(INFORMATION PROVIDED Opens)

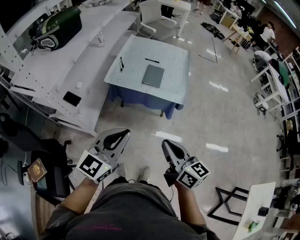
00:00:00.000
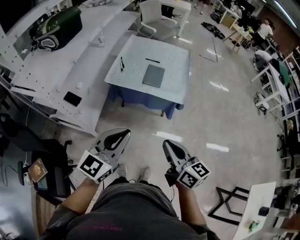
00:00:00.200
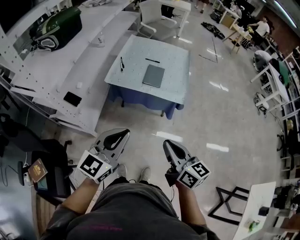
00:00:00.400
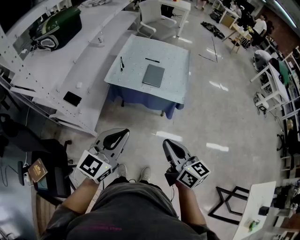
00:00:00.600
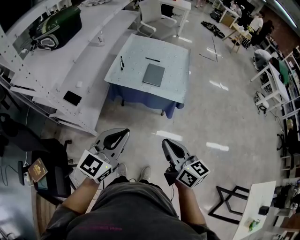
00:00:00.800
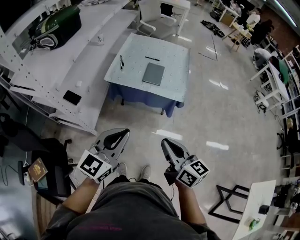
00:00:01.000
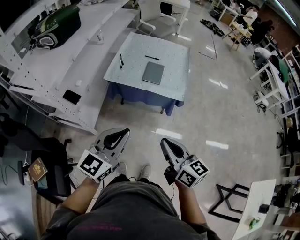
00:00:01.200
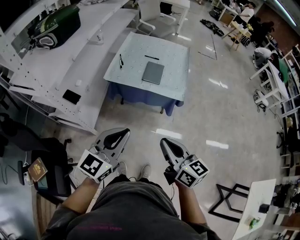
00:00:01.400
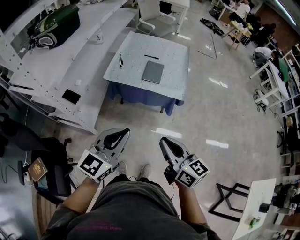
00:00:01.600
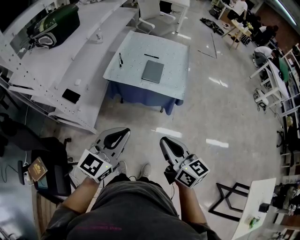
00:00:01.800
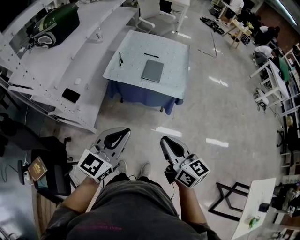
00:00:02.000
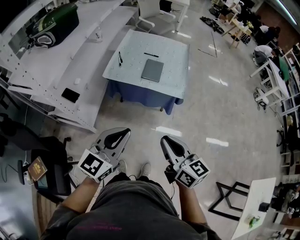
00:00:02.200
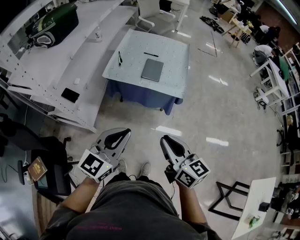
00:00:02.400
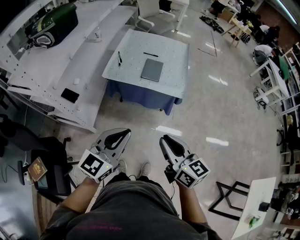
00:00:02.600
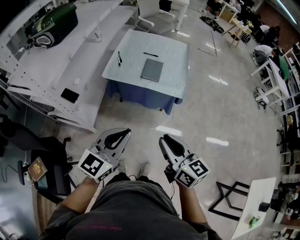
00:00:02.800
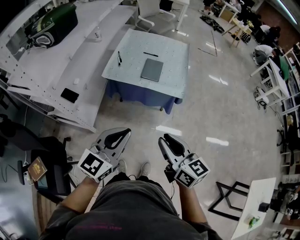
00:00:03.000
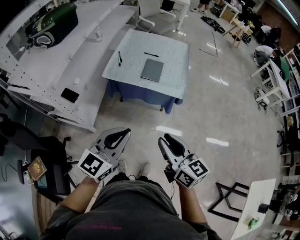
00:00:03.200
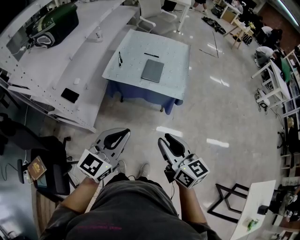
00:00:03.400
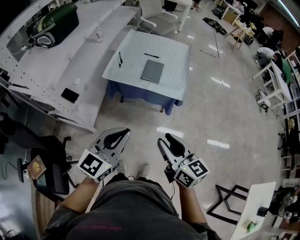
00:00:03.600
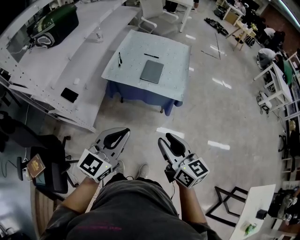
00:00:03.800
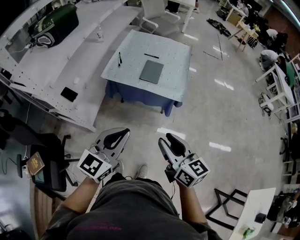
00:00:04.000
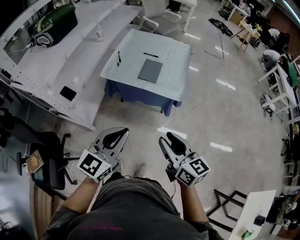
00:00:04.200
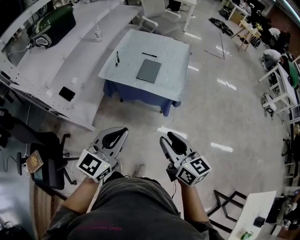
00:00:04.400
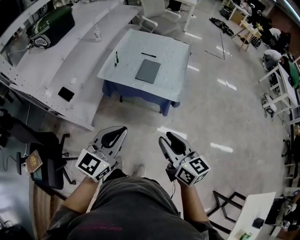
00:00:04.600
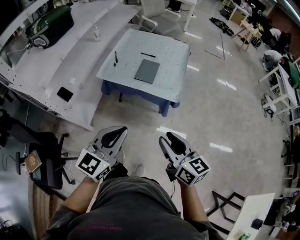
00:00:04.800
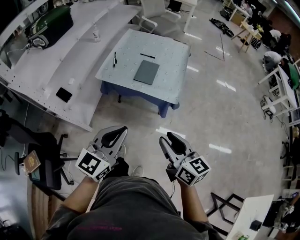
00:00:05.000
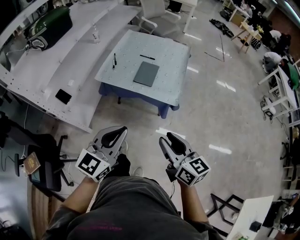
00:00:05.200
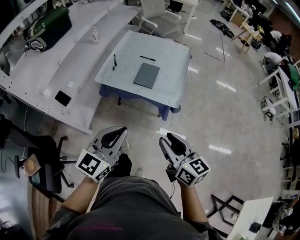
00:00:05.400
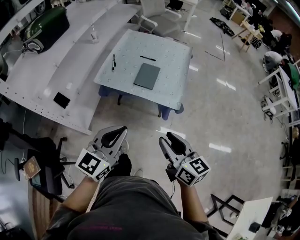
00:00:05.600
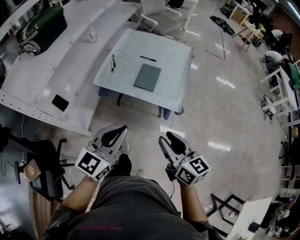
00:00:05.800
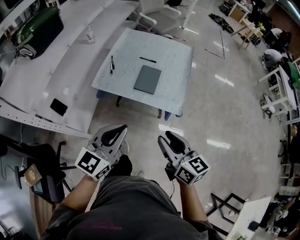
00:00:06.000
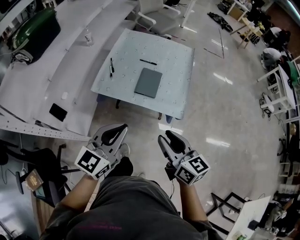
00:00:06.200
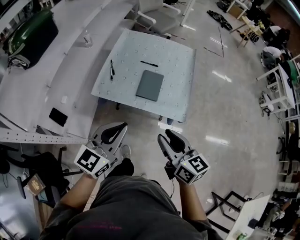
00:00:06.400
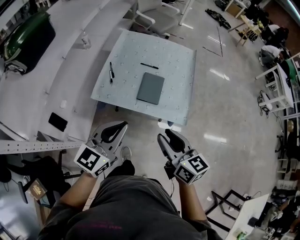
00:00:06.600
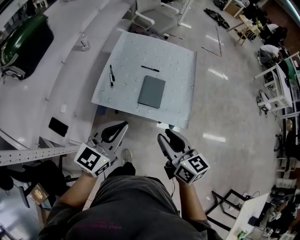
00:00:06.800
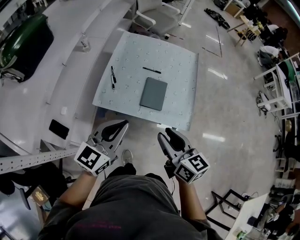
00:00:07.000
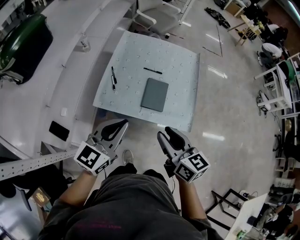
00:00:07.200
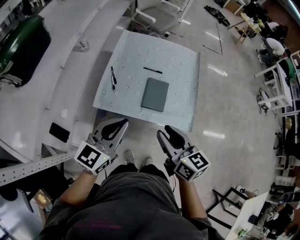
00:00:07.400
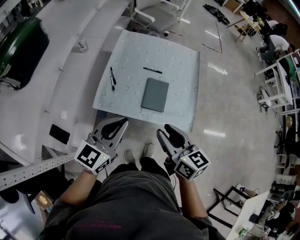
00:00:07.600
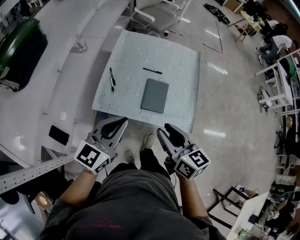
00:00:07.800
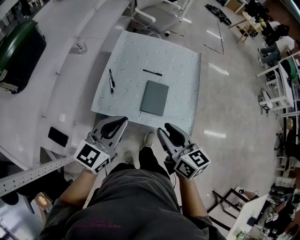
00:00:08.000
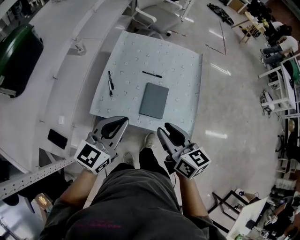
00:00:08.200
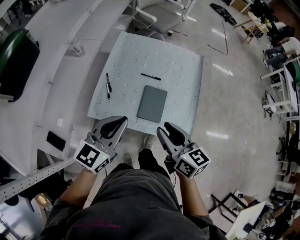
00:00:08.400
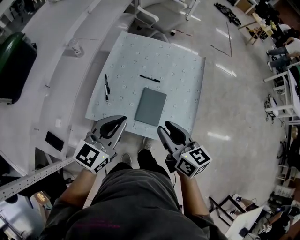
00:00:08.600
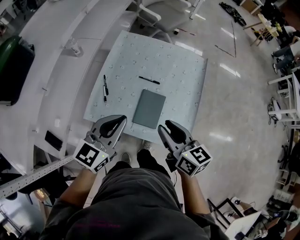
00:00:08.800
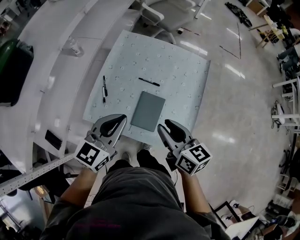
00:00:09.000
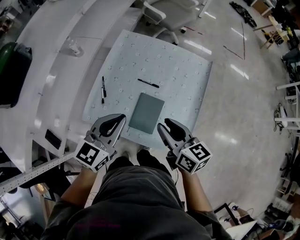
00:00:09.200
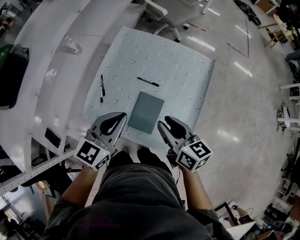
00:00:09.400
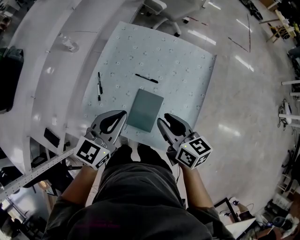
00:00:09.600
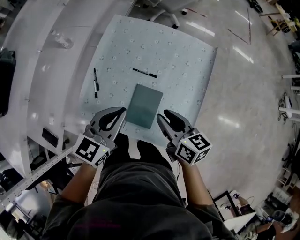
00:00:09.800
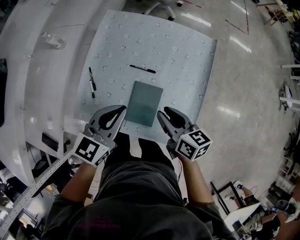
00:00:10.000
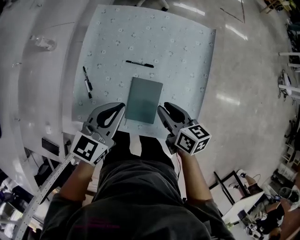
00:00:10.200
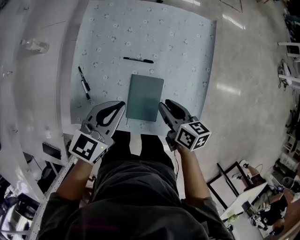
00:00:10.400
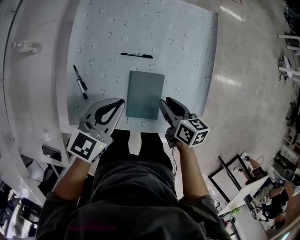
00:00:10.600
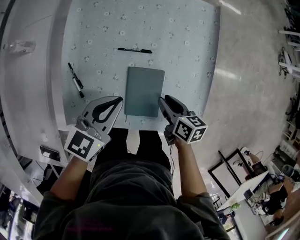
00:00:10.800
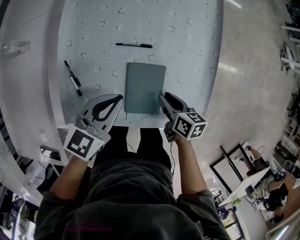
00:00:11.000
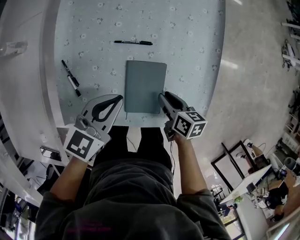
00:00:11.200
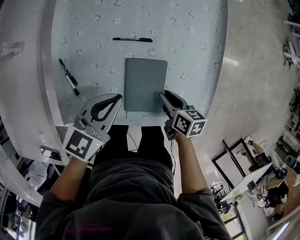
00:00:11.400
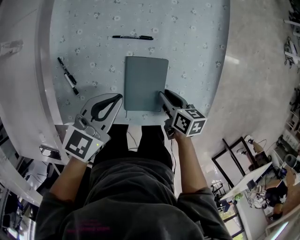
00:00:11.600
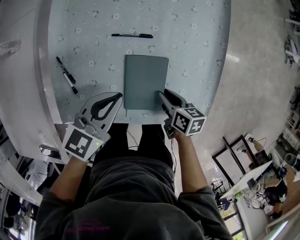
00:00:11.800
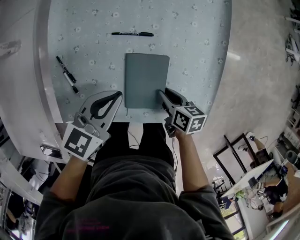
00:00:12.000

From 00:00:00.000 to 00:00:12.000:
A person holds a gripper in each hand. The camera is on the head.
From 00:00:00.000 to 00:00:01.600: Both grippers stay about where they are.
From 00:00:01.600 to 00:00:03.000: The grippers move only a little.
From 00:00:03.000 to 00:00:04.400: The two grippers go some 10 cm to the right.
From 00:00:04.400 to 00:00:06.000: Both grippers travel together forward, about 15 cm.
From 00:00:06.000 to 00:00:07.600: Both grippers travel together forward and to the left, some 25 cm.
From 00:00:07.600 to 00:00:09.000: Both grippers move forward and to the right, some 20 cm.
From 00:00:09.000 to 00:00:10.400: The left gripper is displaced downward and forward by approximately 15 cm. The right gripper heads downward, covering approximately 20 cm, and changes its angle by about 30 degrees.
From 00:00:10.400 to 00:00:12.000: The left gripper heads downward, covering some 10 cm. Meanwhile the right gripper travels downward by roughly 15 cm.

(INFORMATION PROVIDED Closes)

__DESCRIPTION OF THE TASK__:
The entries above are to be printed again word for word, with every picture removed.

__SOLUTION__:
00:00:00.000
00:00:00.200
00:00:00.400
00:00:00.600
00:00:00.800
00:00:01.000
00:00:01.200
00:00:01.400
00:00:01.600
00:00:01.800
00:00:02.000
00:00:02.200
00:00:02.400
00:00:02.600
00:00:02.800
00:00:03.000
00:00:03.200
00:00:03.400
00:00:03.600
00:00:03.800
00:00:04.000
00:00:04.200
00:00:04.400
00:00:04.600
00:00:04.800
00:00:05.000
00:00:05.200
00:00:05.400
00:00:05.600
00:00:05.800
00:00:06.000
00:00:06.200
00:00:06.400
00:00:06.600
00:00:06.800
00:00:07.000
00:00:07.200
00:00:07.400
00:00:07.600
00:00:07.800
00:00:08.000
00:00:08.200
00:00:08.400
00:00:08.600
00:00:08.800
00:00:09.000
00:00:09.200
00:00:09.400
00:00:09.600
00:00:09.800
00:00:10.000
00:00:10.200
00:00:10.400
00:00:10.600
00:00:10.800
00:00:11.000
00:00:11.200
00:00:11.400
00:00:11.600
00:00:11.800
00:00:12.000

From 00:00:00.000 to 00:00:12.000:
A person holds a gripper in each hand. The camera is on the head.
From 00:00:00.000 to 00:00:01.600: Both grippers stay about where they are.
From 00:00:01.600 to 00:00:03.000: The grippers move only a little.
From 00:00:03.000 to 00:00:04.400: The two grippers go some 10 cm to the right.
From 00:00:04.400 to 00:00:06.000: Both grippers travel together forward, about 15 cm.
From 00:00:06.000 to 00:00:07.600: Both grippers travel together forward and to the left, some 25 cm.
From 00:00:07.600 to 00:00:09.000: Both grippers move forward and to the right, some 20 cm.
From 00:00:09.000 to 00:00:10.400: The left gripper is displaced downward and forward by approximately 15 cm. The right gripper heads downward, covering approximately 20 cm, and changes its angle by about 30 degrees.
From 00:00:10.400 to 00:00:12.000: The left gripper heads downward, covering some 10 cm. Meanwhile the right gripper travels downward by roughly 15 cm.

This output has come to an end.